When you have recent collections, ‘pay for delete’ is best bet

By Barry Paperno

Dear Speaking of Credit,
I’m trying to buy a house but my score is to low but I only need another 40 points to qualify for a FHA loan. That being said I have 3 accounts is collections that I plan on paying off next week. The most recent is June 2016 and the other 2 are 2013 and 2011. Unfortunately I don’t have any cc but I do have 2 car payments.

One collection agency has already said they’d delete upon payment, but I haven’t heard back from the other 2. If I can get all 3 deleted from my record what will that do to my score? Thank you. –Sylvia

Dear Sylvia,
Any impact to your score from deleting those collections will mostly be determined by the dates those collections were assigned to the collection agencies.

In trying to get the collections deleted, something to be aware of is that it doesn’t matter to your score how many collections there are. For collections, only the item with the most recent assign/open date will be impacting your score to any serious degree.

For this reason, getting the most recently assigned collection off of your credit reports should give you the most bang for your scoring buck. And unfortunately, most of the score models in use by lenders currently don’t give you any more points for having paid a collection, as long it remains on your credit report.

It will be all-important then to get that 2016 collection, as well as the other two, removed if at all possible. And there are never any guarantees a collection agency will remove a paid collection, so don’t be discouraged if it just isn’t possible.

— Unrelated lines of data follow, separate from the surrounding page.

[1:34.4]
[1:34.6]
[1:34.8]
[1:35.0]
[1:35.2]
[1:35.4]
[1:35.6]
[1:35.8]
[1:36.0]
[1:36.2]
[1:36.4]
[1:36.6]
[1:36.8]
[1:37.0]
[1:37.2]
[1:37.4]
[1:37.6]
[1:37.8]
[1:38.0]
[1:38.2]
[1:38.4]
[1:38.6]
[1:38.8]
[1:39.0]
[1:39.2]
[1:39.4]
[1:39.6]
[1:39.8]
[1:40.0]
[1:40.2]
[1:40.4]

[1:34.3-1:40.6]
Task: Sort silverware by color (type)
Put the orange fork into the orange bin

Unfortunately, even having the older two deleted won’t help your score in the short run as long as that recent one is still on there.

However, if you’re successful, there’s a good chance of quickly recouping those 40 points. So you’ve got a fine incentive to make a deal with those collection agencies!

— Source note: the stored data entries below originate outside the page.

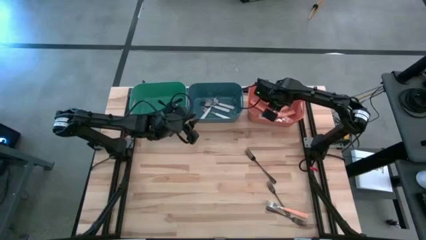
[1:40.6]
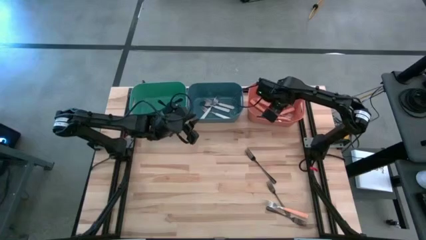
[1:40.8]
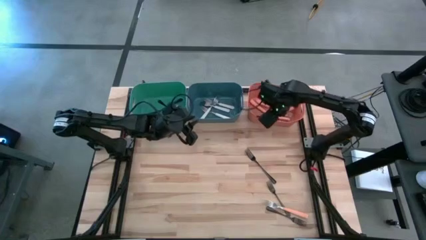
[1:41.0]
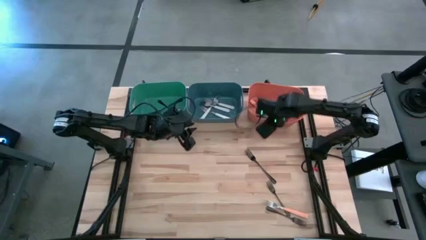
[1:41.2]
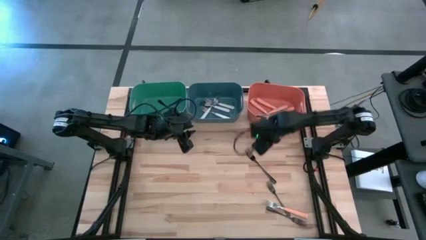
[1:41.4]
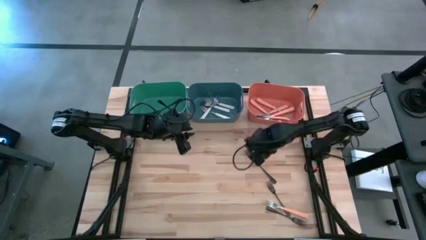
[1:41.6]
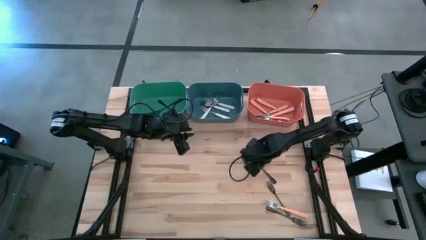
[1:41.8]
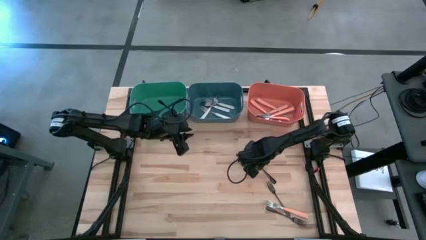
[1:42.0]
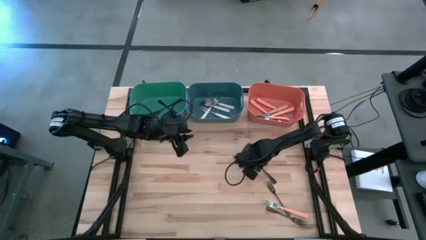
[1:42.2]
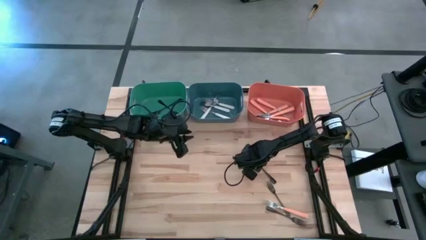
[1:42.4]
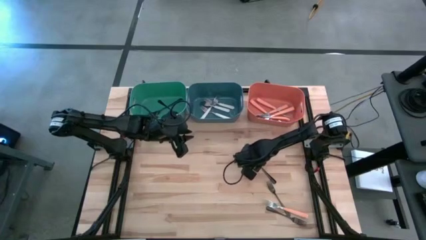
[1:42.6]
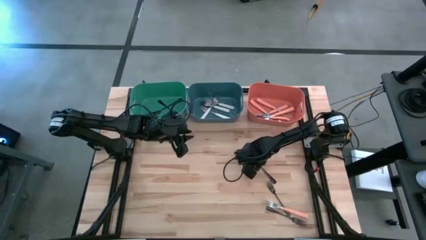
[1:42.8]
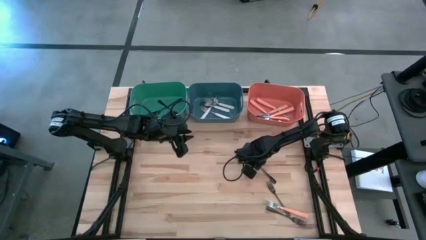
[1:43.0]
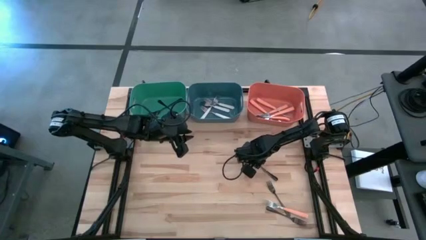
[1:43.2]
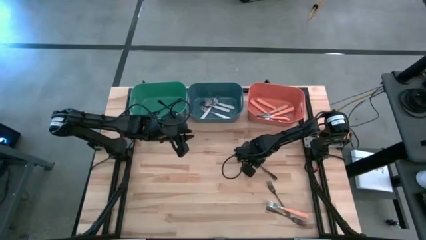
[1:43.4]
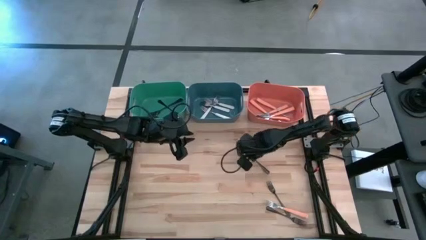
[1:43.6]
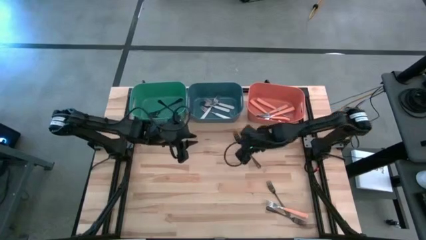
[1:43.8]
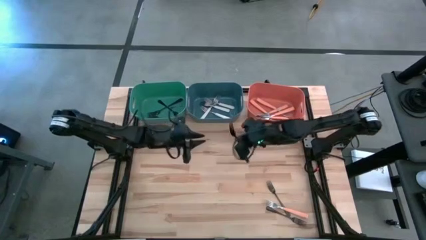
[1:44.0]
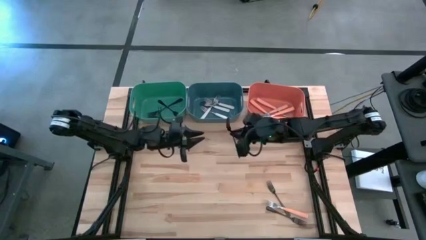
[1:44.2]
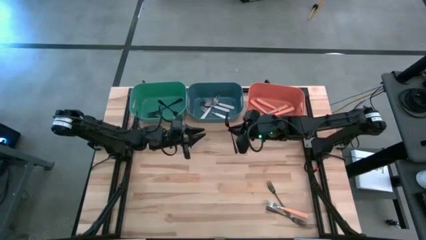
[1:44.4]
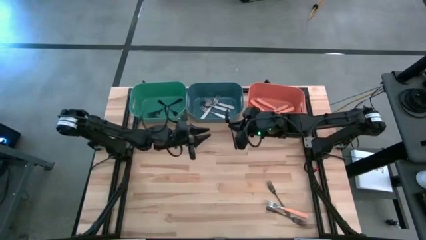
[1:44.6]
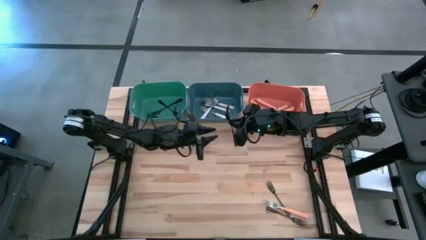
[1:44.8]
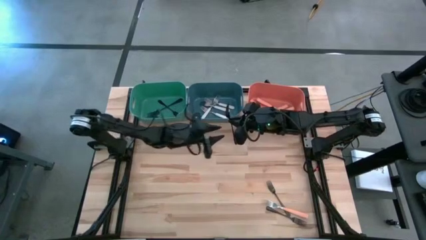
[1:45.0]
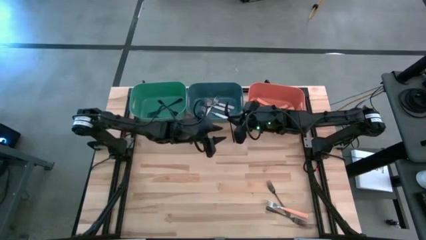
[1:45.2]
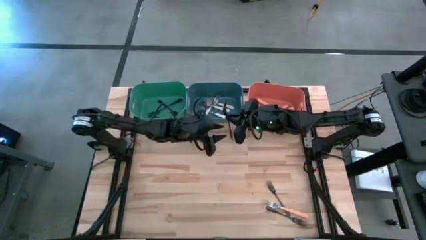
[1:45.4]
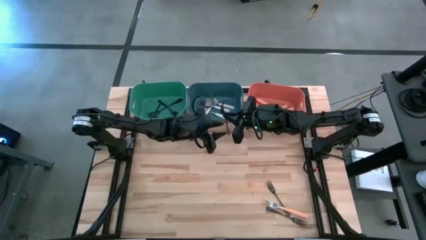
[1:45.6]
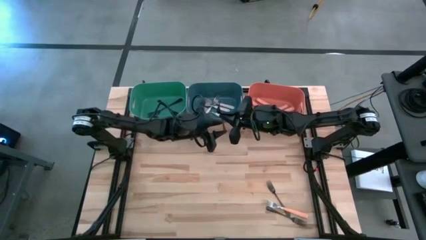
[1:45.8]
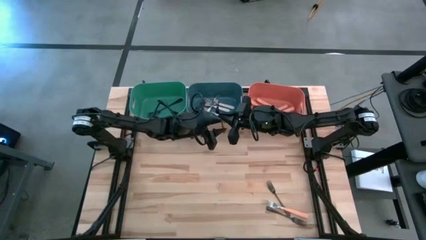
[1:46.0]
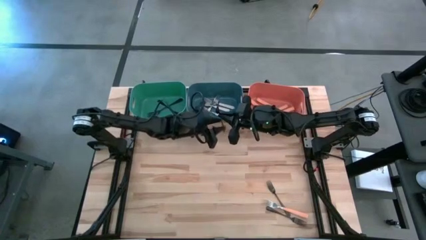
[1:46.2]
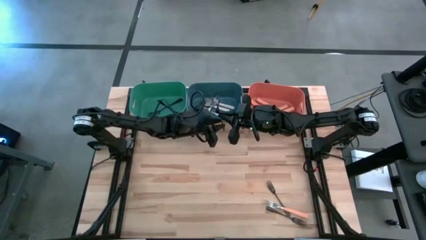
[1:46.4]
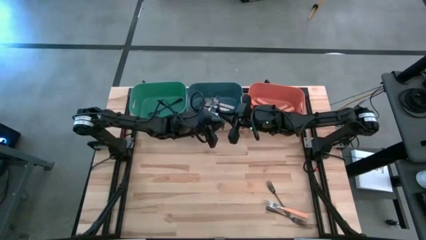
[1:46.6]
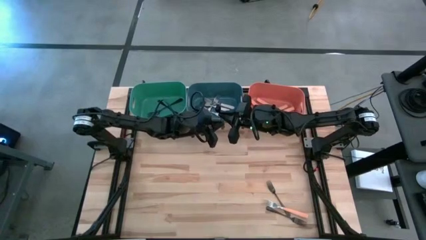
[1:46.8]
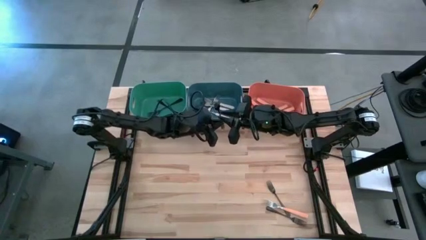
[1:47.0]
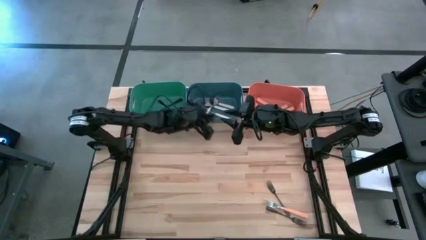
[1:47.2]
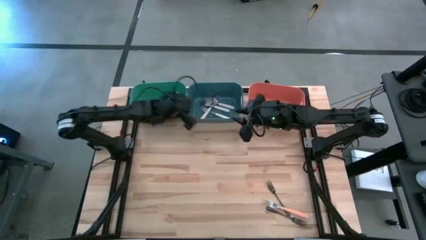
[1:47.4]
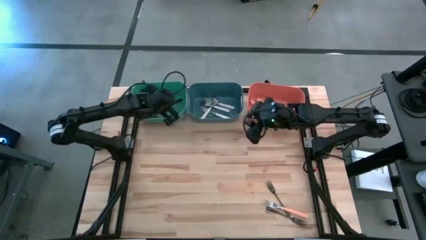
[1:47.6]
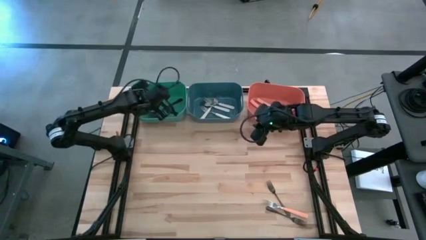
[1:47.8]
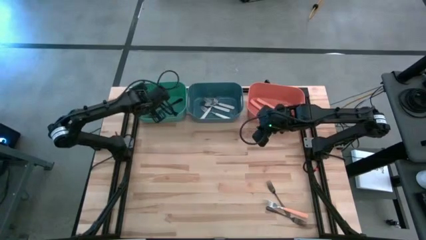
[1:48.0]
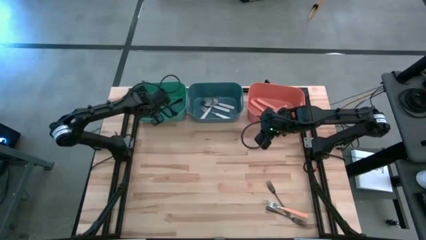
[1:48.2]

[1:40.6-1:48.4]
Put the black fork into the green bin

If you’re not able to get all 3 collections removed by paying them you may have to work at raising your score some other way, though any other such score improvement isn’t likely to be as quick as having all three collections are gone entirely.

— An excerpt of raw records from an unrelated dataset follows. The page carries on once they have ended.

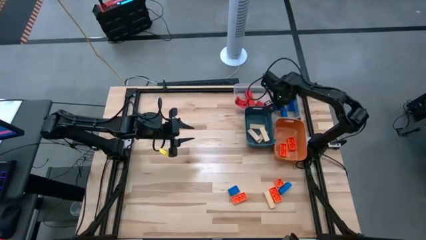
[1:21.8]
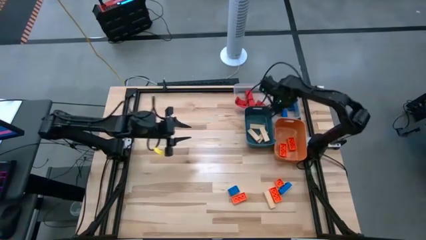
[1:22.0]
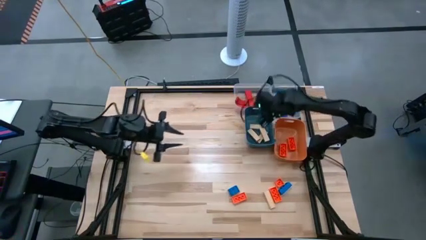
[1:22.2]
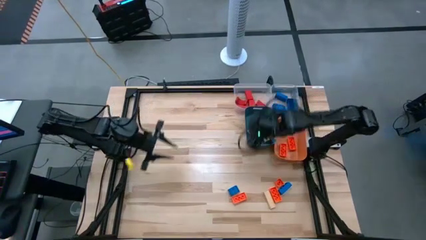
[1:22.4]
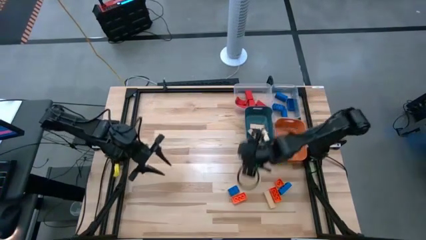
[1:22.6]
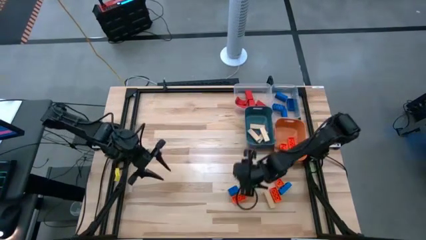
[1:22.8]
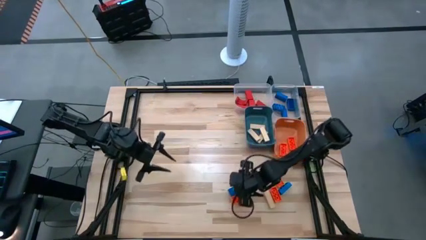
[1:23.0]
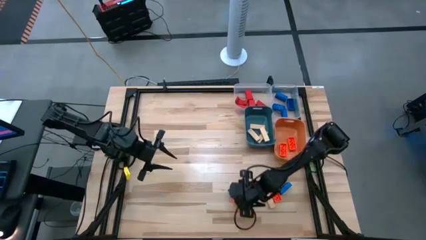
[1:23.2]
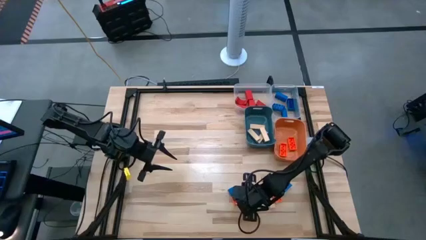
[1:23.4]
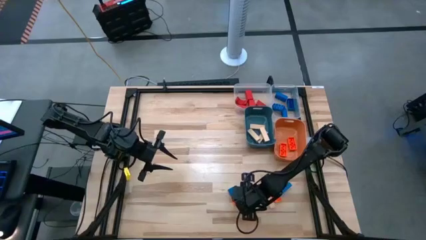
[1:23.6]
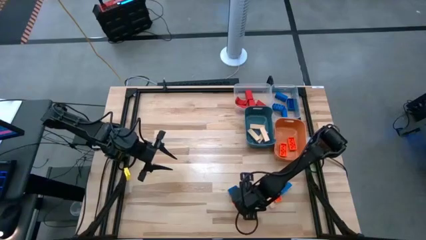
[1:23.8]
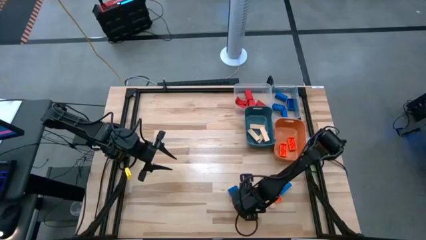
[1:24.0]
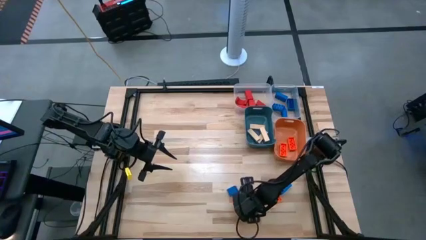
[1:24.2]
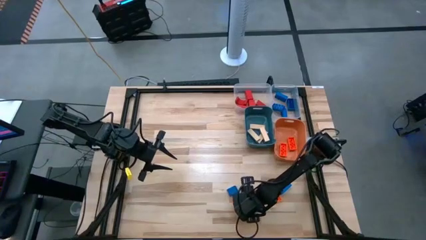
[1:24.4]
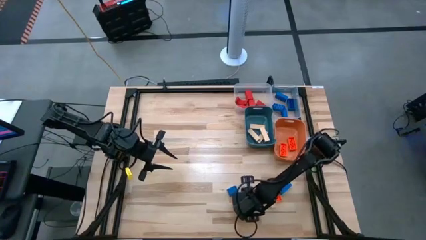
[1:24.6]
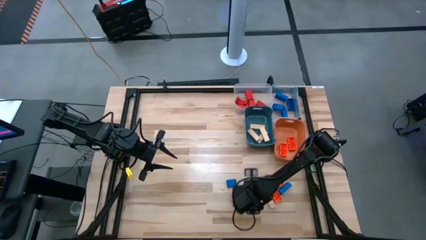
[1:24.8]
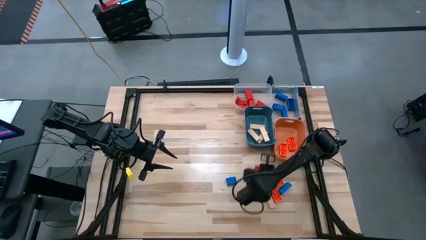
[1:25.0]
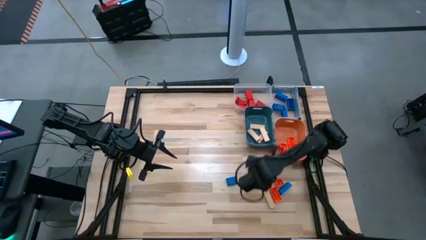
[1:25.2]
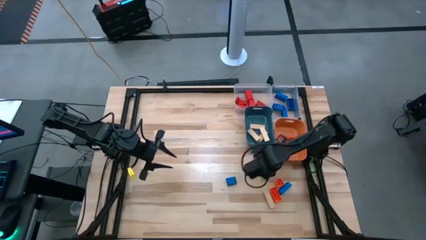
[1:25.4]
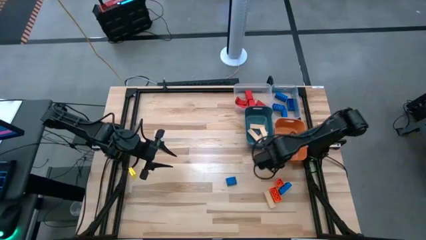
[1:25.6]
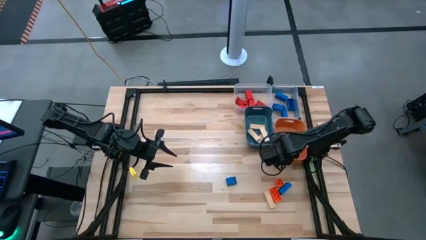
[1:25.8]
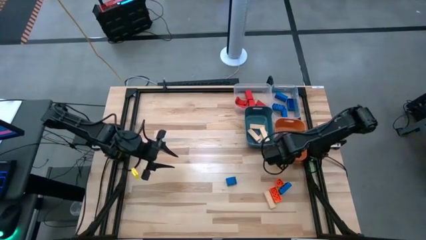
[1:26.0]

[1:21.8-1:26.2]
Task: Sort blocks
Put the 8 stud orange game piece into the orange bin

If, when all is said and done, you find yourself stuck with any of the collections for their approximately 7-year term, one way to help your score then might be to add at least one credit card with very low utilization — below 10 percent is best.  The score likes to see at least one open card account, so that’s one opportunity you have to gain some points — if not immediately, over the next year or so.

To add a credit card, you can either be named as an authorized user by a spouse, significant other, relative, or friend on their existing card, or apply for a secured credit card. Those collections are probably keeping your score from qualifying you for an unsecured card.

A couple of good things about being an authorized user — when compared to opening a new card of your own — is that 1) there’s no hard inquiry, and 2) you are likely to immediately inherit the entire history of the account (though maybe not at Discover). Or a secured card with low utilization will do everything for your score an unsecured card can.

Again, neither is a quick fix, but faster than just letting the passage of time do its thing.

Very importantly, if you’re trying to raise your score, leave your car loan balances alone, other than making the payments each month. Their balances are not hurting your credit score in any way you need to be concerned with.

I hope I’ve given you something to work with. Good luck!